## [Task objective]
Would you restate the entries below word for word, leaving out the images?
_ _ _ _
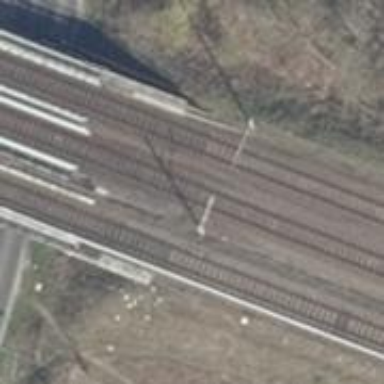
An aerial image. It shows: Railway bridge with electrified contact lines.
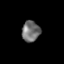
Tissue: lung
Cell type: Epithelial cells
Senescence score: 0.1915
Nuclear area (px): 367
Mean DAPI intensity: 113.207
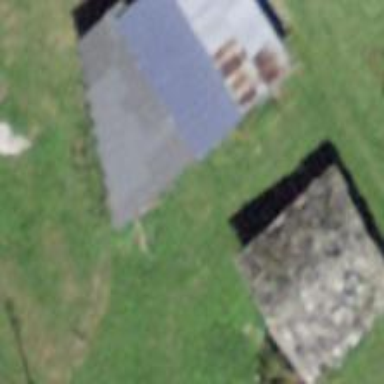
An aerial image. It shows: Barn.
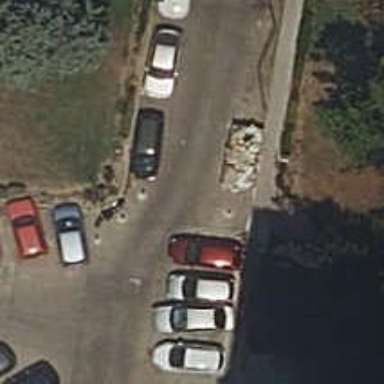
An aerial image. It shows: Asphalt parking aisle off service road.
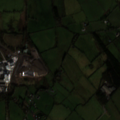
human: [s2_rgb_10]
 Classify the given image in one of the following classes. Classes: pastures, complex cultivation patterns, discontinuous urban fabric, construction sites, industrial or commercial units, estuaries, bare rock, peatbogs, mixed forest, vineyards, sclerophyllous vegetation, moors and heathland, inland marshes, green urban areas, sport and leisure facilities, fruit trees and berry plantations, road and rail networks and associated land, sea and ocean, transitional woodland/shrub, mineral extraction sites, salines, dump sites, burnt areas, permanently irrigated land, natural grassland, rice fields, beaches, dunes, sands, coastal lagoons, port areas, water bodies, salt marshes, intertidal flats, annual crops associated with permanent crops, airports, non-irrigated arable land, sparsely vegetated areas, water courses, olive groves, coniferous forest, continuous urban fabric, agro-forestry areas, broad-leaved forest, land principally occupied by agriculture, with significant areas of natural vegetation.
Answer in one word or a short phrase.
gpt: dump sites, pastures
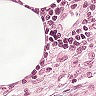
Metastatic tissue present: no
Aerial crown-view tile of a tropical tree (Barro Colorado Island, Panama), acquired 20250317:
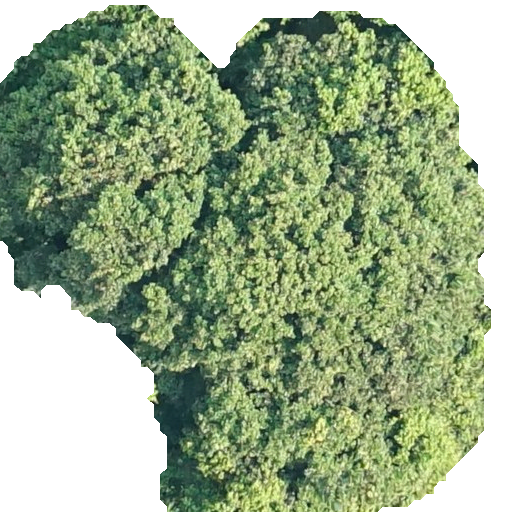
Species: Prioria copaifera
GBIF accepted scientific name: Prioria copaifera
Crown area: 300.817 m²
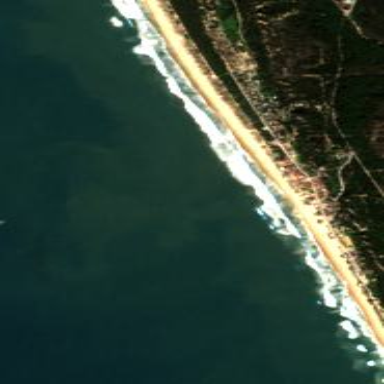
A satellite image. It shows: Sandy beach popular for kitesurfing.
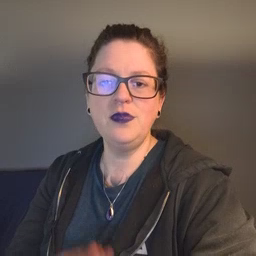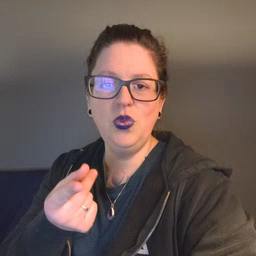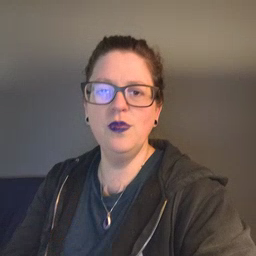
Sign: dog
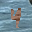
Label: 4
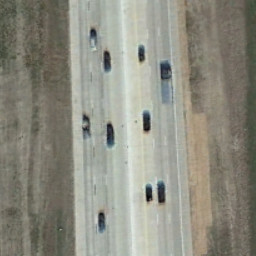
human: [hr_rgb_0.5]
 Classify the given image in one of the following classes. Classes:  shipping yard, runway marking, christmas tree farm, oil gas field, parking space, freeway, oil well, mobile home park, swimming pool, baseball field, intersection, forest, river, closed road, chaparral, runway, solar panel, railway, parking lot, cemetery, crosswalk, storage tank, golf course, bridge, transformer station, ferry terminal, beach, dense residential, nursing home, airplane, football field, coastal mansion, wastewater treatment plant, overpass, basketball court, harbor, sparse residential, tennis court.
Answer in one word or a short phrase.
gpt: freeway
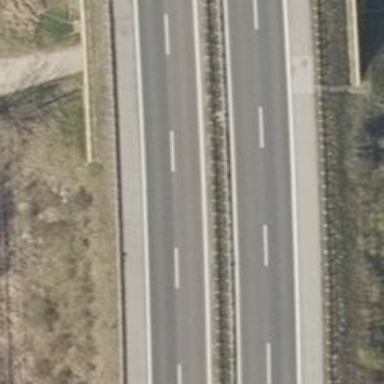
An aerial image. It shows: Asphalt bridge over motorway.
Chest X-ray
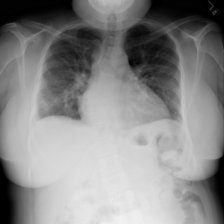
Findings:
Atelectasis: negative
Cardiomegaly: negative
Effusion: negative
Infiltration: negative
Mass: negative
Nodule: negative
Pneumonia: negative
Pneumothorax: negative
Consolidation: negative
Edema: negative
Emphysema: negative
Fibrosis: negative
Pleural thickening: negative
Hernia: negative
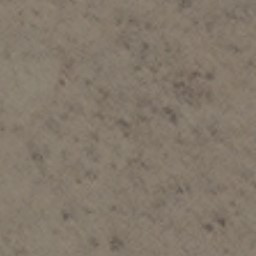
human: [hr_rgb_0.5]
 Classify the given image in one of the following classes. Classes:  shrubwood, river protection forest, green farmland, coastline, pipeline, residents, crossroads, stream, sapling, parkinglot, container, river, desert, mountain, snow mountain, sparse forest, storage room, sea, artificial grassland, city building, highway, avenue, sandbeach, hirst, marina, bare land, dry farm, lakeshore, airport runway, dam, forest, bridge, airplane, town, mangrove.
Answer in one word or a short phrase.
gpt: bare land
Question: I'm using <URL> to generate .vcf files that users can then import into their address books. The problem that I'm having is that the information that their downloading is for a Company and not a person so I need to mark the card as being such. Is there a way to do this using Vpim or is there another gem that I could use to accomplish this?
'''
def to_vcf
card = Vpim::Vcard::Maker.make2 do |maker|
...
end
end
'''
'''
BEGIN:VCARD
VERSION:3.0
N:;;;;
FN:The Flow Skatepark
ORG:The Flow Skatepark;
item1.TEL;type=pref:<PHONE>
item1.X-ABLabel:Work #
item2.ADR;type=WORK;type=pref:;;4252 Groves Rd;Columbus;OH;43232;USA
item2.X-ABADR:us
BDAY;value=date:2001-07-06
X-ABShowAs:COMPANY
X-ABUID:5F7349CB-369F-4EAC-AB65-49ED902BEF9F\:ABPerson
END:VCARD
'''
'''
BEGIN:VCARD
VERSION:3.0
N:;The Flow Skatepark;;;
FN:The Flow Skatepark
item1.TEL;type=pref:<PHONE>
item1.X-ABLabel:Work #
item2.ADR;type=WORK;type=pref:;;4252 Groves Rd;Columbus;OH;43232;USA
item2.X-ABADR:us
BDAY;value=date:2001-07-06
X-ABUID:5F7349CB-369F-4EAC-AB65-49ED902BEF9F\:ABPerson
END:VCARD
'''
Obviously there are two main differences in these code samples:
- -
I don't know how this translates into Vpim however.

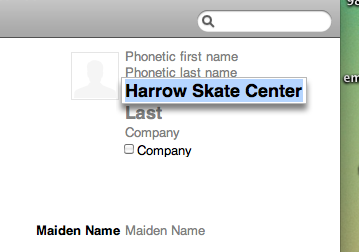
Answer: Quick and dirty implementation, I hope that I understood you correctly:
'''
require 'vpim/vcard'
vcards = <<VCARD
BEGIN:VCARD
VERSION:3.0
N:;;;;
FN:The Flow Skatepark
ORG:The Flow Skatepark;
item1.TEL;type=pref:<PHONE>
item1.X-ABLabel:Work #
item2.ADR;type=WORK;type=pref:;;4252 Groves Rd;Columbus;OH;43232;USA
item2.X-ABADR:us
BDAY;value=date:2001-07-06
X-ABShowAs:COMPANY
X-ABUID:5F7349CB-369F-4EAC-AB65-49ED902BEF9F\:ABPerson
END:VCARD
BEGIN:VCARD
VERSION:3.0
N:;The Flow Skatepark;;;
FN:The Flow Skatepark
item1.TEL;type=pref:<PHONE>
item1.X-ABLabel:Work #
item2.ADR;type=WORK;type=pref:;;4252 Groves Rd;Columbus;OH;43232;USA
item2.X-ABADR:us
BDAY;value=date:2001-07-06
X-ABUID:5F7349CB-369F-4EAC-AB65-49ED902BEF9F\:ABPerson
END:VCARD
VCARD
contacts = []
Vpim::Vcard.decode(vcards).each do |vcard|
contacts << {
first_name: vcard.name ? vcard.name.given : '',
last_name: vcard.name ? vcard.name.family : '',
organisation_name: vcard.org ? vcard.org.first : '',
}
end
def to_vcard(card)
Vpim::Vcard::Maker.make2 do |maker|
maker.add_name do |name|
name.given = card[:first_name] unless card[:first_name].empty? || card[:first_name].nil?
name.family = card[:last_name] unless card[:last_name].empty? || card[:last_name].nil?
end
maker.org = card[:organisation_name] unless card[:organisation_name].empty? || card[:organisation_name].nil?
end
end
contacts.each_with_index do |contact, idx|
File.open("contact#{idx}.vcf", 'w') {|f| f.write(to_vcard(contact)) }
end
'''
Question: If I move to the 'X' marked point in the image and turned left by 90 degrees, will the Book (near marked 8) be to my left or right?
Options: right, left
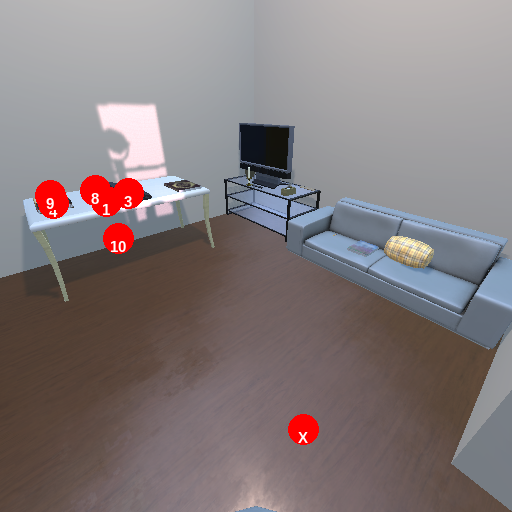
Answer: right
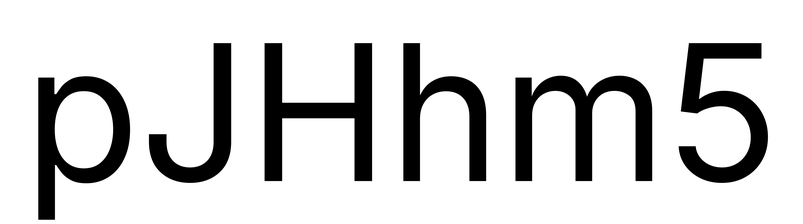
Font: Inter_Regular
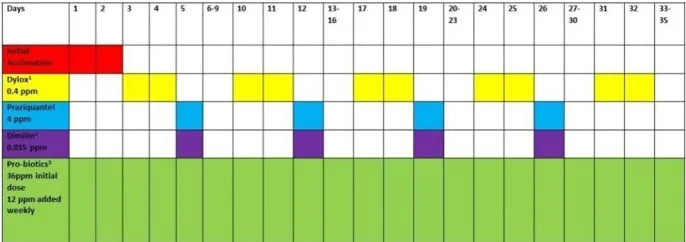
As well as a chronogram of treatments administered to incoming rays during the 35-day quarantine period prior to transport.
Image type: chart (chart)
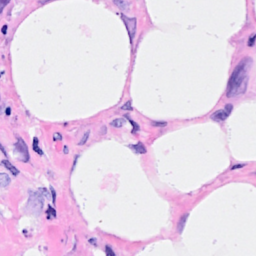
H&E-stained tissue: Breast
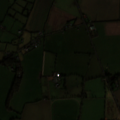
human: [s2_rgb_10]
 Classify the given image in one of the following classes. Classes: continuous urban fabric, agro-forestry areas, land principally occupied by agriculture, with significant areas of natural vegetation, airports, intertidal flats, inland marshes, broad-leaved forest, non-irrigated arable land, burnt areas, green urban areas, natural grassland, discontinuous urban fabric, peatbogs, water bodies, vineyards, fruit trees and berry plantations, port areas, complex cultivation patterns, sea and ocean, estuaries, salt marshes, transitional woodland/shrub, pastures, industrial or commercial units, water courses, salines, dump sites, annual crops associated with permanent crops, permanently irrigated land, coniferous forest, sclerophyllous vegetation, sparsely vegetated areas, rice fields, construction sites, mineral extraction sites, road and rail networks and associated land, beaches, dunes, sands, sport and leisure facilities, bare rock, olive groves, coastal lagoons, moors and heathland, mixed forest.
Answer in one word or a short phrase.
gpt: sport and leisure facilities, non-irrigated arable land, pastures
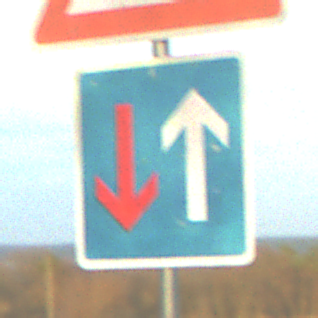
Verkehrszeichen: VorrangVorGegenverkehr
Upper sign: KinderLinks
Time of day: SunriseSunset
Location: Outdoor (Nature)
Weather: PartlyCloudy
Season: NotSpecified
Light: Natural
_ _ _ _
## [Output for this task]
An aerial image. It shows: Railway bridge with electrified contact lines.
Tissue: lung
Cell type: Epithelial cells
Senescence score: 0.1915
Nuclear area (px): 367
Mean DAPI intensity: 113.207
An aerial image. It shows: Barn.
An aerial image. It shows: Asphalt parking aisle off service road.
human: [s2_rgb_10]
 Classify the given image in one of the following classes. Classes: pastures, complex cultivation patterns, discontinuous urban fabric, construction sites, industrial or commercial units, estuaries, bare rock, peatbogs, mixed forest, vineyards, sclerophyllous vegetation, moors and heathland, inland marshes, green urban areas, sport and leisure facilities, fruit trees and berry plantations, road and rail networks and associated land, sea and ocean, transitional woodland/shrub, mineral extraction sites, salines, dump sites, burnt areas, permanently irrigated land, natural grassland, rice fields, beaches, dunes, sands, coastal lagoons, port areas, water bodies, salt marshes, intertidal flats, annual crops associated with permanent crops, airports, non-irrigated arable land, sparsely vegetated areas, water courses, olive groves, coniferous forest, continuous urban fabric, agro-forestry areas, broad-leaved forest, land principally occupied by agriculture, with significant areas of natural vegetation.
Answer in one word or a short phrase.
gpt: dump sites, pastures
Metastatic tissue present: no
Aerial crown-view tile of a tropical tree (Barro Colorado Island, Panama), acquired 20250317:
Species: Prioria copaifera
GBIF accepted scientific name: Prioria copaifera
Crown area: 300.817 m²
A satellite image. It shows: Sandy beach popular for kitesurfing.
Sign: dog
Label: 4
human: [hr_rgb_0.5]
 Classify the given image in one of the following classes. Classes:  shipping yard, runway marking, christmas tree farm, oil gas field, parking space, freeway, oil well, mobile home park, swimming pool, baseball field, intersection, forest, river, closed road, chaparral, runway, solar panel, railway, parking lot, cemetery, crosswalk, storage tank, golf course, bridge, transformer station, ferry terminal, beach, dense residential, nursing home, airplane, football field, coastal mansion, wastewater treatment plant, overpass, basketball court, harbor, sparse residential, tennis court.
Answer in one word or a short phrase.
gpt: freeway
An aerial image. It shows: Asphalt bridge over motorway.
Chest X-ray
Findings:
Atelectasis: negative
Cardiomegaly: negative
Effusion: negative
Infiltration: negative
Mass: negative
Nodule: negative
Pneumonia: negative
Pneumothorax: negative
Consolidation: negative
Edema: negative
Emphysema: negative
Fibrosis: negative
Pleural thickening: negative
Hernia: negative
human: [hr_rgb_0.5]
 Classify the given image in one of the following classes. Classes:  shrubwood, river protection forest, green farmland, coastline, pipeline, residents, crossroads, stream, sapling, parkinglot, container, river, desert, mountain, snow mountain, sparse forest, storage room, sea, artificial grassland, city building, highway, avenue, sandbeach, hirst, marina, bare land, dry farm, lakeshore, airport runway, dam, forest, bridge, airplane, town, mangrove.
Answer in one word or a short phrase.
gpt: bare land
Question: I'm using <URL> to generate .vcf files that users can then import into their address books. The problem that I'm having is that the information that their downloading is for a Company and not a person so I need to mark the card as being such. Is there a way to do this using Vpim or is there another gem that I could use to accomplish this?
'''
def to_vcf
card = Vpim::Vcard::Maker.make2 do |maker|
...
end
end
'''
'''
BEGIN:VCARD
VERSION:3.0
N:;;;;
FN:The Flow Skatepark
ORG:The Flow Skatepark;
item1.TEL;type=pref:<PHONE>
item1.X-ABLabel:Work #
item2.ADR;type=WORK;type=pref:;;4252 Groves Rd;Columbus;OH;43232;USA
item2.X-ABADR:us
BDAY;value=date:2001-07-06
X-ABShowAs:COMPANY
X-ABUID:5F7349CB-369F-4EAC-AB65-49ED902BEF9F\:ABPerson
END:VCARD
'''
'''
BEGIN:VCARD
VERSION:3.0
N:;The Flow Skatepark;;;
FN:The Flow Skatepark
item1.TEL;type=pref:<PHONE>
item1.X-ABLabel:Work #
item2.ADR;type=WORK;type=pref:;;4252 Groves Rd;Columbus;OH;43232;USA
item2.X-ABADR:us
BDAY;value=date:2001-07-06
X-ABUID:5F7349CB-369F-4EAC-AB65-49ED902BEF9F\:ABPerson
END:VCARD
'''
Obviously there are two main differences in these code samples:
- -
I don't know how this translates into Vpim however.

Answer: Quick and dirty implementation, I hope that I understood you correctly:
'''
require 'vpim/vcard'
vcards = <<VCARD
BEGIN:VCARD
VERSION:3.0
N:;;;;
FN:The Flow Skatepark
ORG:The Flow Skatepark;
item1.TEL;type=pref:<PHONE>
item1.X-ABLabel:Work #
item2.ADR;type=WORK;type=pref:;;4252 Groves Rd;Columbus;OH;43232;USA
item2.X-ABADR:us
BDAY;value=date:2001-07-06
X-ABShowAs:COMPANY
X-ABUID:5F7349CB-369F-4EAC-AB65-49ED902BEF9F\:ABPerson
END:VCARD
BEGIN:VCARD
VERSION:3.0
N:;The Flow Skatepark;;;
FN:The Flow Skatepark
item1.TEL;type=pref:<PHONE>
item1.X-ABLabel:Work #
item2.ADR;type=WORK;type=pref:;;4252 Groves Rd;Columbus;OH;43232;USA
item2.X-ABADR:us
BDAY;value=date:2001-07-06
X-ABUID:5F7349CB-369F-4EAC-AB65-49ED902BEF9F\:ABPerson
END:VCARD
VCARD
contacts = []
Vpim::Vcard.decode(vcards).each do |vcard|
contacts << {
first_name: vcard.name ? vcard.name.given : '',
last_name: vcard.name ? vcard.name.family : '',
organisation_name: vcard.org ? vcard.org.first : '',
}
end
def to_vcard(card)
Vpim::Vcard::Maker.make2 do |maker|
maker.add_name do |name|
name.given = card[:first_name] unless card[:first_name].empty? || card[:first_name].nil?
name.family = card[:last_name] unless card[:last_name].empty? || card[:last_name].nil?
end
maker.org = card[:organisation_name] unless card[:organisation_name].empty? || card[:organisation_name].nil?
end
end
contacts.each_with_index do |contact, idx|
File.open("contact#{idx}.vcf", 'w') {|f| f.write(to_vcard(contact)) }
end
'''
Question: If I move to the 'X' marked point in the image and turned left by 90 degrees, will the Book (near marked 8) be to my left or right?
Options: right, left
Answer: right
Font: Inter_Regular
As well as a chronogram of treatments administered to incoming rays during the 35-day quarantine period prior to transport.
Image type: chart (chart)
H&E-stained tissue: Breast
human: [s2_rgb_10]
 Classify the given image in one of the following classes. Classes: continuous urban fabric, agro-forestry areas, land principally occupied by agriculture, with significant areas of natural vegetation, airports, intertidal flats, inland marshes, broad-leaved forest, non-irrigated arable land, burnt areas, green urban areas, natural grassland, discontinuous urban fabric, peatbogs, water bodies, vineyards, fruit trees and berry plantations, port areas, complex cultivation patterns, sea and ocean, estuaries, salt marshes, transitional woodland/shrub, pastures, industrial or commercial units, water courses, salines, dump sites, annual crops associated with permanent crops, permanently irrigated land, coniferous forest, sclerophyllous vegetation, sparsely vegetated areas, rice fields, construction sites, mineral extraction sites, road and rail networks and associated land, beaches, dunes, sands, sport and leisure facilities, bare rock, olive groves, coastal lagoons, moors and heathland, mixed forest.
Answer in one word or a short phrase.
gpt: sport and leisure facilities, non-irrigated arable land, pastures
Verkehrszeichen: VorrangVorGegenverkehr
Upper sign: KinderLinks
Time of day: SunriseSunset
Location: Outdoor (Nature)
Weather: PartlyCloudy
Season: NotSpecified
Light: Natural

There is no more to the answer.